§ About this task
Below are the records; count how many of their lines carry "none" and give only the number.

§ Data listing
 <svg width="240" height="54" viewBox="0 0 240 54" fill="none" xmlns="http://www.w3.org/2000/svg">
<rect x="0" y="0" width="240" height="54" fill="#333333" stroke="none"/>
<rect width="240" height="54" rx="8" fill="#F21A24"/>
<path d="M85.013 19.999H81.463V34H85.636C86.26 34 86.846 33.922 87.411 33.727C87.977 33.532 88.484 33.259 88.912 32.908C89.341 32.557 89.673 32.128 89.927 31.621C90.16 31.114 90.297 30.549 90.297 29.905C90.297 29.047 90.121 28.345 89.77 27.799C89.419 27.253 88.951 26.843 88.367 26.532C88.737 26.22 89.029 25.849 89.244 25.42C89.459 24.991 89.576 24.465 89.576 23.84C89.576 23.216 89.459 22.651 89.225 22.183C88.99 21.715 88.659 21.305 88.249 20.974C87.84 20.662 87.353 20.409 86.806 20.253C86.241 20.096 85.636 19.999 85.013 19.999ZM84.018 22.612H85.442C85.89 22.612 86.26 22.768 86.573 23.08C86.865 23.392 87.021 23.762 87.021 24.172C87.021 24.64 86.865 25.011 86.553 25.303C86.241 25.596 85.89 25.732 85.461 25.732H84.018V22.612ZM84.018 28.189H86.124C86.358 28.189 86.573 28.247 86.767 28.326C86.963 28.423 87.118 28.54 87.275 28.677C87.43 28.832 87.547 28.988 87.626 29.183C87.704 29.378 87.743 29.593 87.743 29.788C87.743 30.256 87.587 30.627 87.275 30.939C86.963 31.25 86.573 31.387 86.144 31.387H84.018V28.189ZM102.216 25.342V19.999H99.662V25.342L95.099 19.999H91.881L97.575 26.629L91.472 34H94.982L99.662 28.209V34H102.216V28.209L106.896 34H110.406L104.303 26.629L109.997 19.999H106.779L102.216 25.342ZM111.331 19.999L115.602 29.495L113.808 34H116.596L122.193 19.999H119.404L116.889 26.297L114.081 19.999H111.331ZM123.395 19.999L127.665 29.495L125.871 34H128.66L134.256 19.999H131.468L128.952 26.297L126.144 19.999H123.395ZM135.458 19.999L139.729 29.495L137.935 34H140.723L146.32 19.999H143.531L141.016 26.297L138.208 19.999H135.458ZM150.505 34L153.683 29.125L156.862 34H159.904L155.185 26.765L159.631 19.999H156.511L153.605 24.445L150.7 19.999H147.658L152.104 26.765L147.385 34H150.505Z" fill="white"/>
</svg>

§ Exercise response
2